Step 2: Pass the function and required limits to the integral2 function

## Code:

``````Func = @(x,y) (sin(y) + x.^3 + 2)
[Creating the sin function in ‘x’ and ‘y’] I = integral2 (Func, 0, 1, 0, 2)
[Calling the integral function and passing the desired limits as 0 <= x <= 1; 0 <= y <= 2)] [Mathematically, the double integral of sin(y) + x.^3 + 2 is 5.9161]``````

## Output:

Explanation: As we can see in the output, we have obtained double integral of our input function as 5.9161, which is the same as expected by us.

## Example 3:

In this example, we will take a polynomial function of x and y.

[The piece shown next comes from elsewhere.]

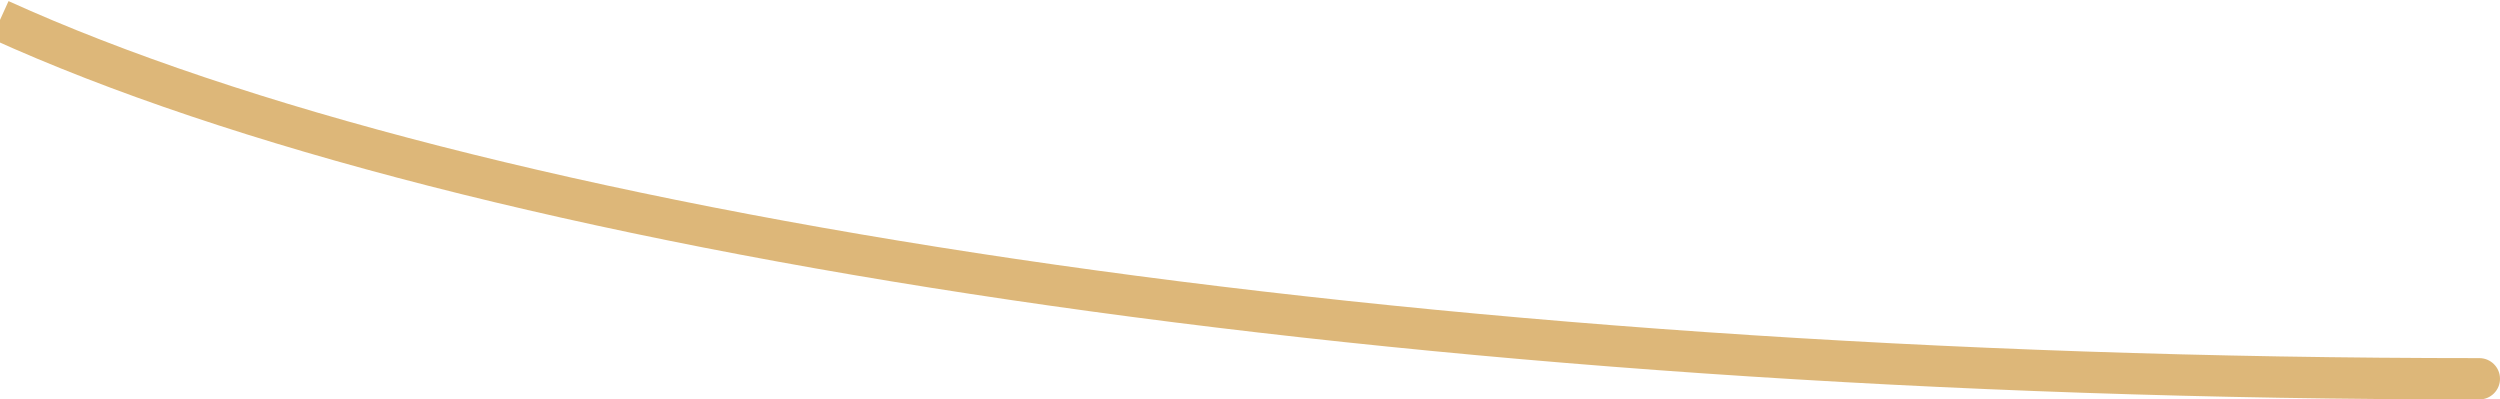 <?xml version="1.0" encoding="UTF-8"?> <svg xmlns="http://www.w3.org/2000/svg" width="726" height="116" viewBox="0 0 726 116" fill="none"><path d="M720 116C723.314 116 726 113.314 726 110C726 106.687 723.314 104 720 104V116ZM720 104C407.952 104 137.8 61.76 2.48 0.322L-2.48 11.248C135.234 73.774 407.494 116 720 116V104Z" fill="#DDB779"></path></svg>

We will follow the following 2 steps:

Step 1: Create a polynomial function of x and y

Step 2: Pass the function and required limits to the integral2 function

## Code:

``````Func = @(x,y) (35*y.^3 - 15*x)
[Creating the polynomial function in ‘x’ and ‘y’] I = integral2 (Func, 0, 1, 0, 2)
[Calling the integral function and passing the desired limits as 0 <= x <= 1; 0 <= y <= 2)] [Mathematically, the double integral of 35*y.^3 - 15*x is 125]``````

## Output:

Explanation: As we can see in the output, we have obtained double integral of our input function as 125, which is the same as expected by us.

## Example 4:

In this example, we will take a polynomial function of x and y and of degree 3. We will follow the following 2 steps:

Step 1: Create a polynomial function of x and y and degree 3

Step 2: Pass the function and required limits to the integral2 function

## Code:

``````Func = @(x,y) ((20*y.^3) + 3*x.^2)
[Creating the polynomial function in ‘x’ and ‘y’] I = integral2 (Func, 0, 1, 0, 2)
[Calling the integral function and passing the desired limits as 0 <= x <= 1; 0 <= y <= 2)] [Mathematically, the double integral of (20*y.^3) + 3*x.^2 is 82]``````

## Output:

Explanation: As we can see in the output, we have obtained double integral of our input function as 82, which is the same as expected by us.

## Example 5:

In this example, we will take a polynomial function with the division. We will follow the following 2 steps:

Step 1: Create a polynomial function of x and y and with division

Step 2: Pass the function and required limits to the integral2 function

## Code:

``````Func = @(x,y) 1./(sqrt(x.^3 + y.^2))
[Creating the polynomial function in ‘x’ and ‘y’ and division] I = integral2 (Func, 0, 1, 0, 2)
[Calling the integral function and passing the desired limits as 0 <= x <= 1; 0 <= y <= 2)] [Mathematically, the double integral of 1./(sqrt(x.^3 + y.^2))  is 2.9012]``````

## Output:

Explanation: As we can see in the output, we have obtained double integral of our input function as 2.9012, which is the same as expected by us.